When evaluating functions, you are essentially running a function using a particular input \(x\) to determine what the output or result will be. The function is a defined relationship, like an equation, that tells you exactly how to obtain the output when you know the input. In the example given, we have the function \(f(x) = 3x - 5\). To evaluate this for a specific value, such as \(x = -1\), you simply substitute \(-1\) into the function in place of \(x\).

• Substituting yields: \(f(-1) = 3(-1) - 5\).
• The resulting output is \(-8\), which means when \(-1\) is input into the function, the output is \(-8\).

This process is similar regardless of the function, which may be more complex algebraic expressions like \(g(x) = 2 - x^2\). Evaluating \(g(x)\) for \(x = 2\) involves substituting the value into the function:

• Calculation becomes \(g(2) = 2 - (2)^2 = -2\).

By evaluating functions, you can find out what values the function takes at specific arguments, which is crucial for further calculations like composition.

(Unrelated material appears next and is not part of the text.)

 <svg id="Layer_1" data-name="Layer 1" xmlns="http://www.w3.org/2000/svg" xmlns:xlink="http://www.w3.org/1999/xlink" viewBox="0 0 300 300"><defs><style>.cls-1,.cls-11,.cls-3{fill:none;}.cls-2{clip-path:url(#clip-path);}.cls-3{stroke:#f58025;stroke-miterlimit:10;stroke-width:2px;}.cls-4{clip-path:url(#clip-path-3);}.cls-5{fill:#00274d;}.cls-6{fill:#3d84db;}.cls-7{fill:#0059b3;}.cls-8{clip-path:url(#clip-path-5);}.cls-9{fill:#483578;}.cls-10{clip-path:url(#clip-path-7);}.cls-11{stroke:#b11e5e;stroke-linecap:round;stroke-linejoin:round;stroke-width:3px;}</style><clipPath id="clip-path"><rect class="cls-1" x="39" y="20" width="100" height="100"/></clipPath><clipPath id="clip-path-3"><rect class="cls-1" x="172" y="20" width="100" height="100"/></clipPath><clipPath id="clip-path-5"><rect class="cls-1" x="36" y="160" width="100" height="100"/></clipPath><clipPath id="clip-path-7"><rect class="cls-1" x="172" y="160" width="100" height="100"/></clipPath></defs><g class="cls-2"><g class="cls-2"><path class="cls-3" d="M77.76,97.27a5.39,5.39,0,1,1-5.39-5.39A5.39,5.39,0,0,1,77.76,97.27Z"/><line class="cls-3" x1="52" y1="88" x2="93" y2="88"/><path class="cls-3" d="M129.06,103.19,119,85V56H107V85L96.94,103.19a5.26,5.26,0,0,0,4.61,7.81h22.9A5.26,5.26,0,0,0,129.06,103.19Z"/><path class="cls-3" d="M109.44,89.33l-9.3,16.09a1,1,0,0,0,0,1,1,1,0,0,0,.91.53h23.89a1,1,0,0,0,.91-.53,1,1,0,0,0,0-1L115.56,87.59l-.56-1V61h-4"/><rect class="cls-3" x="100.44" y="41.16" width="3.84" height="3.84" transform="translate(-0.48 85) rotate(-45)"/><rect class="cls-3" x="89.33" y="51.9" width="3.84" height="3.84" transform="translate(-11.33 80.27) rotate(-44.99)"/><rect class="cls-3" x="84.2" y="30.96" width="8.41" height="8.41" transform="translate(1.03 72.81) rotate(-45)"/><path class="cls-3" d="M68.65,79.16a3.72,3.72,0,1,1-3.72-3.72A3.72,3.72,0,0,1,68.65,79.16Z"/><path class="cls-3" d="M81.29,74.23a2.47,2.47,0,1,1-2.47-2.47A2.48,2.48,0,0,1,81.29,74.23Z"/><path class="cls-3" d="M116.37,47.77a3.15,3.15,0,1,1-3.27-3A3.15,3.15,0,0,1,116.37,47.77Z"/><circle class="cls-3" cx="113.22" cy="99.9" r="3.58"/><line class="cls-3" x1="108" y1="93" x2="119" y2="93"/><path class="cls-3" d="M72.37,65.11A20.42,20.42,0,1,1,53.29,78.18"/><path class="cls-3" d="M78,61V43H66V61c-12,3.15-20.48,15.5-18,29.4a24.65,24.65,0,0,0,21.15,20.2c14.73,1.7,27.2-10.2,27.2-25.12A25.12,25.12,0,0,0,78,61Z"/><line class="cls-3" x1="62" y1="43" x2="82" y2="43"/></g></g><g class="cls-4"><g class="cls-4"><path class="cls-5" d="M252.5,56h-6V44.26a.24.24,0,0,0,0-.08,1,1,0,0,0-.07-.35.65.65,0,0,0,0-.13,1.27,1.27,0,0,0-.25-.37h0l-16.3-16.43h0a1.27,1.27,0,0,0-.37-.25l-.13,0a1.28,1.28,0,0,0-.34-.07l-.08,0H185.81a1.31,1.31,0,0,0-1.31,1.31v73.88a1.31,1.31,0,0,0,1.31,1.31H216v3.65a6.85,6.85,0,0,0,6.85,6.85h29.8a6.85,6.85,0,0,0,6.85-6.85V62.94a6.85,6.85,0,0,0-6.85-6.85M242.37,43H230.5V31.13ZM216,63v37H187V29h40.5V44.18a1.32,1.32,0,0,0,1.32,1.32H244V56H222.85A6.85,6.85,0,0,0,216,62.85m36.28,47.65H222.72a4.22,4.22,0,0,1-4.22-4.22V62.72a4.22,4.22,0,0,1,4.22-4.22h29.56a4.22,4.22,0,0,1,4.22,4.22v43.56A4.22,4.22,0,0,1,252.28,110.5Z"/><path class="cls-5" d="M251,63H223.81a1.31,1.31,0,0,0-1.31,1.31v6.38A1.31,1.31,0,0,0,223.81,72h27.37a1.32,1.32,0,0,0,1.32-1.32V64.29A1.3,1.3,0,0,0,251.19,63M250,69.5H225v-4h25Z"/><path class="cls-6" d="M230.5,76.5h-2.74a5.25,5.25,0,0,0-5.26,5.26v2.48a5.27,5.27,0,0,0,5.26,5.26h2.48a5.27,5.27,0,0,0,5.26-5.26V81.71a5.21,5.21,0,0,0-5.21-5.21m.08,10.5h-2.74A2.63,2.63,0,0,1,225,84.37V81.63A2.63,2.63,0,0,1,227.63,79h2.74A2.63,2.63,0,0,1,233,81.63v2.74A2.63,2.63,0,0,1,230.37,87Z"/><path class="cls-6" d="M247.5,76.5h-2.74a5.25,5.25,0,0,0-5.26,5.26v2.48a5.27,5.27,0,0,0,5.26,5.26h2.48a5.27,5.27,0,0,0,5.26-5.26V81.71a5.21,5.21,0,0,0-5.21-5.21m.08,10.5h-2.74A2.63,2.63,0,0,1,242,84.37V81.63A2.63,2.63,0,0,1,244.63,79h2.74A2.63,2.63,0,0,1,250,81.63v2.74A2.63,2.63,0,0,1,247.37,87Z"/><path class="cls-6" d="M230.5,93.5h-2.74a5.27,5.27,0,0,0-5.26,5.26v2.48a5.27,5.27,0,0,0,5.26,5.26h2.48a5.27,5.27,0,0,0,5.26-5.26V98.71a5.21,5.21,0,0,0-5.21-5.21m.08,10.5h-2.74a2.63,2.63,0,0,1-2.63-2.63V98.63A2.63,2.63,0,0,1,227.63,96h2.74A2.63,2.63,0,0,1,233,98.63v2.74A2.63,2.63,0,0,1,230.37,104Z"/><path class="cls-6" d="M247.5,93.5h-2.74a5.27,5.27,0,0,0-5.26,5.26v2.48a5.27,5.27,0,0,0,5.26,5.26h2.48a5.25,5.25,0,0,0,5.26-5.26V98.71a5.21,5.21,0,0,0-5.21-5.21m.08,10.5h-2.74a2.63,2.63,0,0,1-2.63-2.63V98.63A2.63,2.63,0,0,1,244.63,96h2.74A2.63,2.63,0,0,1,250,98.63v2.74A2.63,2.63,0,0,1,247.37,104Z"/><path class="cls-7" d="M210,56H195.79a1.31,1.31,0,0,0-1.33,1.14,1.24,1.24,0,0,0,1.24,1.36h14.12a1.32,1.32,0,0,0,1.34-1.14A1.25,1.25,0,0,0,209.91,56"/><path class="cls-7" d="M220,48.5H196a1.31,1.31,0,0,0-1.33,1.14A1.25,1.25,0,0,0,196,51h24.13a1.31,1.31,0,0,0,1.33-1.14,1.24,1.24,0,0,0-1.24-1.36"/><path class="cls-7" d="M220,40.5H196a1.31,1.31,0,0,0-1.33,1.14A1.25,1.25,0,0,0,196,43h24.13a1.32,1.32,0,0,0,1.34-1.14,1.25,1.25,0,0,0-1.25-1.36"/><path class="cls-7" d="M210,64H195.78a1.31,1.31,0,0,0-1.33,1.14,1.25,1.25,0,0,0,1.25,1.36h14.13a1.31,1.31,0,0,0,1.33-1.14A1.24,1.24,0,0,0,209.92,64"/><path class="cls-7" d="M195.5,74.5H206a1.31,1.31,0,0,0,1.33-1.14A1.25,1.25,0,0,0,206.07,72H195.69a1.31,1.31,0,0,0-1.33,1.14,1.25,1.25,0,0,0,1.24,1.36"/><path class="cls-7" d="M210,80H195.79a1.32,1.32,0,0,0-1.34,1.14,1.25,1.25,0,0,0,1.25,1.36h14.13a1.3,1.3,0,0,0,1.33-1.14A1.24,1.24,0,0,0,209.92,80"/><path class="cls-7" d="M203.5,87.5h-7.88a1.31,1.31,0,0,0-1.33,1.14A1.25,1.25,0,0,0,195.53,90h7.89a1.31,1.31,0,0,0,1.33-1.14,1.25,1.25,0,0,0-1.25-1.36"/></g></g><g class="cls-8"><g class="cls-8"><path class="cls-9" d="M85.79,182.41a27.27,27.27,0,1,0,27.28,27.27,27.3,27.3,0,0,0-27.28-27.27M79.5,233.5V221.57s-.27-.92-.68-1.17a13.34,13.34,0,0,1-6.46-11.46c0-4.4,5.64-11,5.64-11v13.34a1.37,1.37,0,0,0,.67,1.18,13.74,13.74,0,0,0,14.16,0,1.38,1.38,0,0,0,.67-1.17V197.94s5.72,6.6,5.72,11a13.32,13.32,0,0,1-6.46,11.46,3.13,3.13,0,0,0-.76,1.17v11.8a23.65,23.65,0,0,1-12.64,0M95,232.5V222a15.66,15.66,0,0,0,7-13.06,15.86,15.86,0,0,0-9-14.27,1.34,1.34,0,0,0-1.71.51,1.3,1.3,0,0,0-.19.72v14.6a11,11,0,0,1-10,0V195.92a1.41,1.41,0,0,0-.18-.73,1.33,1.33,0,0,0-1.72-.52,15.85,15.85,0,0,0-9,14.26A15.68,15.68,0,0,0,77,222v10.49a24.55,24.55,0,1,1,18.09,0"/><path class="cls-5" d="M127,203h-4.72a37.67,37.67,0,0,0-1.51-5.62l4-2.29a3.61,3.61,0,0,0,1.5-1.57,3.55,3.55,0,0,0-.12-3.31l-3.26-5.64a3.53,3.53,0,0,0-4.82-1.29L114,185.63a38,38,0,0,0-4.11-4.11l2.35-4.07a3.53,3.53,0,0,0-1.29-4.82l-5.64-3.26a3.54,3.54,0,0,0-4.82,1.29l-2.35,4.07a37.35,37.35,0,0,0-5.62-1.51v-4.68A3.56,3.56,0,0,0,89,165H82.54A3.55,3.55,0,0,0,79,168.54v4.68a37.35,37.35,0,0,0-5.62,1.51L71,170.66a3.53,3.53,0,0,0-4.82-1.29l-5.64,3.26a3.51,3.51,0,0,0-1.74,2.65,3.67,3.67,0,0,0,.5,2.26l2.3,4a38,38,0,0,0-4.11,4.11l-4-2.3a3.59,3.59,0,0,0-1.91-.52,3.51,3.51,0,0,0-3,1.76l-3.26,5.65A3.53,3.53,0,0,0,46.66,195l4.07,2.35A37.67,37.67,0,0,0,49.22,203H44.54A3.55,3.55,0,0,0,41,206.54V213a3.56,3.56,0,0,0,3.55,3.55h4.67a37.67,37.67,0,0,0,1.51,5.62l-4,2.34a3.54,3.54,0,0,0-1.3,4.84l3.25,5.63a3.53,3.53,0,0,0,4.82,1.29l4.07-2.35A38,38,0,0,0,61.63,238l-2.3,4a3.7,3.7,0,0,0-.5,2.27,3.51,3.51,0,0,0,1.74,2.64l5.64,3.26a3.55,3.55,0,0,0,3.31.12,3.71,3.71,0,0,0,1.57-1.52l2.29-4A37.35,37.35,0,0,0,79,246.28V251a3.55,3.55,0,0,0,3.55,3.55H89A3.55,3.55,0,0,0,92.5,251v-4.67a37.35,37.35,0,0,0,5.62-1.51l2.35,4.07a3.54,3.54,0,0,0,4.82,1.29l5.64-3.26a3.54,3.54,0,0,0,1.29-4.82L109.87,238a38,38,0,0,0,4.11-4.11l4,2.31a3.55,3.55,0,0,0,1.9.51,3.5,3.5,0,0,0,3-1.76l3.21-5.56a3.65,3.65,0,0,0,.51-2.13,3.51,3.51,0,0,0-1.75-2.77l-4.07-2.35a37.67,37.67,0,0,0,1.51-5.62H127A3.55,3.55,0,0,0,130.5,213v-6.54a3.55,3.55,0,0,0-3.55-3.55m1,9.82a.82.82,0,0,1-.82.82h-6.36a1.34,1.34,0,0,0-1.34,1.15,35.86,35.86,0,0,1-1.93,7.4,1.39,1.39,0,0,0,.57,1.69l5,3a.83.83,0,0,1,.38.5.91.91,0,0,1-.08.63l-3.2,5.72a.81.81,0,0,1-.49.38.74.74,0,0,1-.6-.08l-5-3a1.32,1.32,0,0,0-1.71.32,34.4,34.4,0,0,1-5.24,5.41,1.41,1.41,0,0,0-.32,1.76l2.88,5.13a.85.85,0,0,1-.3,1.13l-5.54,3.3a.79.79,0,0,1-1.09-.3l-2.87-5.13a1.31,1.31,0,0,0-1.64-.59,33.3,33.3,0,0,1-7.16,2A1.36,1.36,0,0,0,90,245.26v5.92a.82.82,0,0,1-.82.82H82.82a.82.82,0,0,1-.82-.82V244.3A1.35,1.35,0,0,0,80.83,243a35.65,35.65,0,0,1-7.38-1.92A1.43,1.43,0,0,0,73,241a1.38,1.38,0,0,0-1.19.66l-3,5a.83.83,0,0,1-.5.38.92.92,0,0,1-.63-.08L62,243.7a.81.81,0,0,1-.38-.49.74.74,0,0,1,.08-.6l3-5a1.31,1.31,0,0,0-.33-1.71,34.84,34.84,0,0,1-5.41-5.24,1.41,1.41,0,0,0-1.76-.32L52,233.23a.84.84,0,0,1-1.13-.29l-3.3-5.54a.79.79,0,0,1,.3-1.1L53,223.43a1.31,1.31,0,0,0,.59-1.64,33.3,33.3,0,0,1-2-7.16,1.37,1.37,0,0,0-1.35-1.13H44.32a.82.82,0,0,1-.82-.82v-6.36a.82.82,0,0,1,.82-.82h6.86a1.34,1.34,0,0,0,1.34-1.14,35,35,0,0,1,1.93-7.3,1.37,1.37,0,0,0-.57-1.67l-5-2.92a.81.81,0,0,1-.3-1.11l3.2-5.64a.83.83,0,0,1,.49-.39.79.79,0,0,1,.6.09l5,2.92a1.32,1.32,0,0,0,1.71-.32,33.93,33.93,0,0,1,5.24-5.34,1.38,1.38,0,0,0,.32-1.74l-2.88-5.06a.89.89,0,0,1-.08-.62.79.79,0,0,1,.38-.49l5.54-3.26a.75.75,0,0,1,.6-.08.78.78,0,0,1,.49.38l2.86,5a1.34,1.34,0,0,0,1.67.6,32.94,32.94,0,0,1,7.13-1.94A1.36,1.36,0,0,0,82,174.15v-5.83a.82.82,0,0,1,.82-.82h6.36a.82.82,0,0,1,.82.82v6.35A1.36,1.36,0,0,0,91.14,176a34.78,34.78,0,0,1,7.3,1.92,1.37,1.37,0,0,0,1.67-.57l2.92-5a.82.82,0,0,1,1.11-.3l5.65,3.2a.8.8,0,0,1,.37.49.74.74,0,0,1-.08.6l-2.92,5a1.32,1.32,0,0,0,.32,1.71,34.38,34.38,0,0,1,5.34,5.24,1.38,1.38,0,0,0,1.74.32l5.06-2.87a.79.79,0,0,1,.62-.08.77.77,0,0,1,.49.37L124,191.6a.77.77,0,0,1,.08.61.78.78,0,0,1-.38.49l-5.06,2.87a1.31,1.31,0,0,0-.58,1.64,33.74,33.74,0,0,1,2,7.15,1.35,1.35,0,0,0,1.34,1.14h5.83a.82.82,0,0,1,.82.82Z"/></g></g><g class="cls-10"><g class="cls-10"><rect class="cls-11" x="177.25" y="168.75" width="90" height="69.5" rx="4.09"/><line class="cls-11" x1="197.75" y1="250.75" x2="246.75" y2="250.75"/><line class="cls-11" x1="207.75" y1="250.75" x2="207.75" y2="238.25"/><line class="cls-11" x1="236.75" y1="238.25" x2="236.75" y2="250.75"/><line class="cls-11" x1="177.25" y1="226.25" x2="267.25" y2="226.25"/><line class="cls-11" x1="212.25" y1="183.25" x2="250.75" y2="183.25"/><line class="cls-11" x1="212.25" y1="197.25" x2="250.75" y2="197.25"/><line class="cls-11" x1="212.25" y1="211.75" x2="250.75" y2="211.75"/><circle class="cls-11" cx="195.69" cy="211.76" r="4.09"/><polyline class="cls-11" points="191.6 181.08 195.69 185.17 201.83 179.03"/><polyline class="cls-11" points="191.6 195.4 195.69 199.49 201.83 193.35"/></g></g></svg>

Algebraic functions are expressions including variables like \(x\) that work according to algebraic rules. In our example, \(f(x) = 3x - 5\) and \(g(x) = 2 - x^2\) are algebraic functions. They consist of constants, variables, and operations of addition, subtraction, multiplication, division, and powers.

• In \(f(x) = 3x - 5\), '3x' represents a linear transformation, and '-5' adjusts this output.
• In \(g(x) = 2 - x^2\), '2' is a constant and '\(-x^2\)' represents a quadratic transformation.

Understanding how to manipulate these expressions is key to both evaluating individual function values and performing advanced operations like function composition, where you use the output of one function as the input for another.
Using algebraic functions allows you to model a wide variety of mathematical scenarios and solve many different types of problems. They are the backbone of many areas of mathematics, providing a clear way to represent relationships between varying quantities.

Composite functions involve combining two functions into one. This is what we mean with expressions like \((f \circ f)(x)\) or \((g \circ g)(x)\), pronounced "f composed with f" or "g composed with g." In a composite setup, you use the result of one function as the input for another.

• For \((f \circ f)(-1)\), first evaluate \(f(x)\) at \(x = -1\), giving \(-8\).
• Then, use this result to evaluate \(f(x)\) again: \(f(-8) = -29\).

Composite functions are useful in scenarios where processes happen in sequence, and each stage depends on the previous one. They are particularly valuable in applied mathematics and various engineering fields. Understanding how to compute and utilize composites extends your ability to relate multiple stages of transformations and calculations.